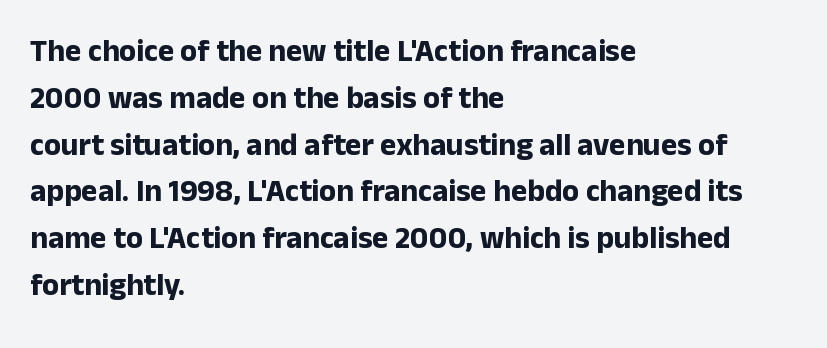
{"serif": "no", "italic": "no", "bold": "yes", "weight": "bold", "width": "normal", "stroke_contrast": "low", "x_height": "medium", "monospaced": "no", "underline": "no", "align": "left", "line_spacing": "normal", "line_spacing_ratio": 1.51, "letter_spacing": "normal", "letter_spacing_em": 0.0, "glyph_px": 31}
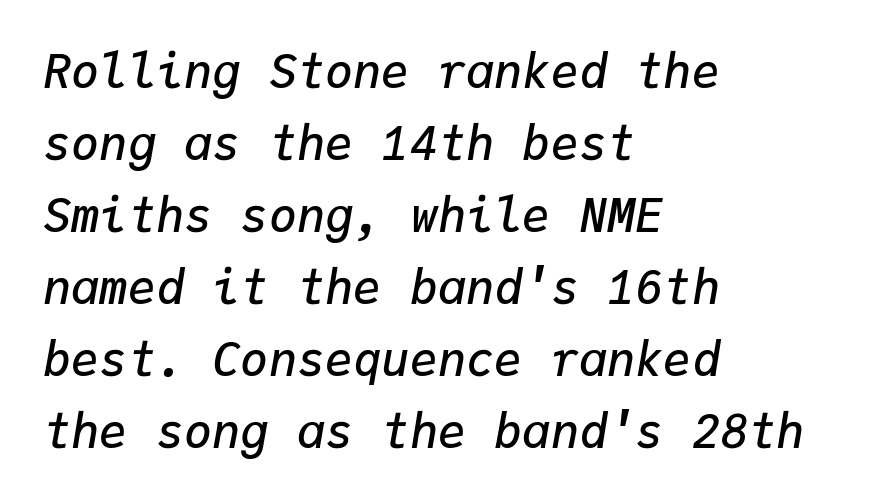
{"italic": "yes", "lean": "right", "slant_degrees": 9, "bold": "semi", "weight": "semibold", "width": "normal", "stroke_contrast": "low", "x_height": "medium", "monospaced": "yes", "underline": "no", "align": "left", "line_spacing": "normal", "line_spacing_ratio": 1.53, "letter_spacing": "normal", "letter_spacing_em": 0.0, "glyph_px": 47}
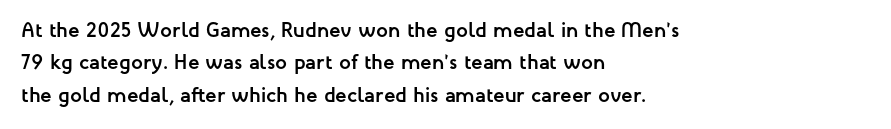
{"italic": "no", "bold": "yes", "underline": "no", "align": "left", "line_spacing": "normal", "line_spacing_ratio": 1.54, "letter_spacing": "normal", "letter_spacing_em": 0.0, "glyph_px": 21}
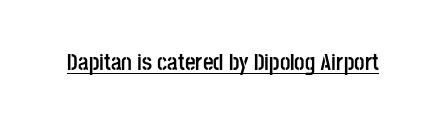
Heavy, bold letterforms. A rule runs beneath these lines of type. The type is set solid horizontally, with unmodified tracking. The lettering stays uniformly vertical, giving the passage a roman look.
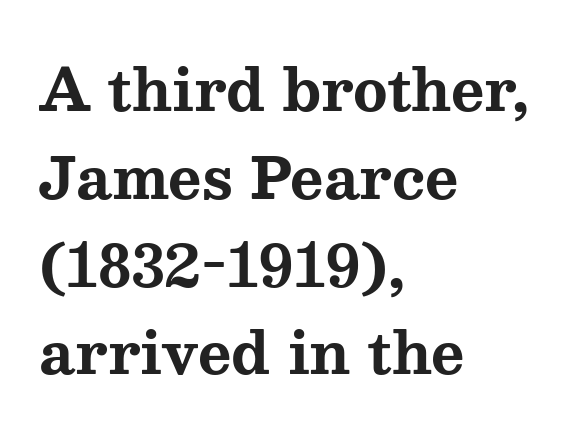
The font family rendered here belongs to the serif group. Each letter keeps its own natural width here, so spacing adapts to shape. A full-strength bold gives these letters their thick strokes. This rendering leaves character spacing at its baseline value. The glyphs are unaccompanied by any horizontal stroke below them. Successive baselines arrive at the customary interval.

::::

= Task objective =
The output is the records exactly as they read, with no pictures in it.

= Answer section =
{"serif": "no", "italic": "no", "bold": "yes", "weight": "bold", "width": "normal", "stroke_contrast": "low", "x_height": "medium", "monospaced": "no", "underline": "no", "align": "left", "line_spacing": "normal", "line_spacing_ratio": 1.51, "letter_spacing": "normal", "letter_spacing_em": 0.0, "glyph_px": 31}
{"italic": "yes", "lean": "right", "slant_degrees": 9, "bold": "semi", "weight": "semibold", "width": "normal", "stroke_contrast": "low", "x_height": "medium", "monospaced": "yes", "underline": "no", "align": "left", "line_spacing": "normal", "line_spacing_ratio": 1.53, "letter_spacing": "normal", "letter_spacing_em": 0.0, "glyph_px": 47}
{"italic": "no", "bold": "yes", "underline": "no", "align": "left", "line_spacing": "normal", "line_spacing_ratio": 1.54, "letter_spacing": "normal", "letter_spacing_em": 0.0, "glyph_px": 21}
Heavy, bold letterforms. A rule runs beneath these lines of type. The type is set solid horizontally, with unmodified tracking. The lettering stays uniformly vertical, giving the passage a roman look.
The font family rendered here belongs to the serif group. Each letter keeps its own natural width here, so spacing adapts to shape. A full-strength bold gives these letters their thick strokes. This rendering leaves character spacing at its baseline value. The glyphs are unaccompanied by any horizontal stroke below them. Successive baselines arrive at the customary interval.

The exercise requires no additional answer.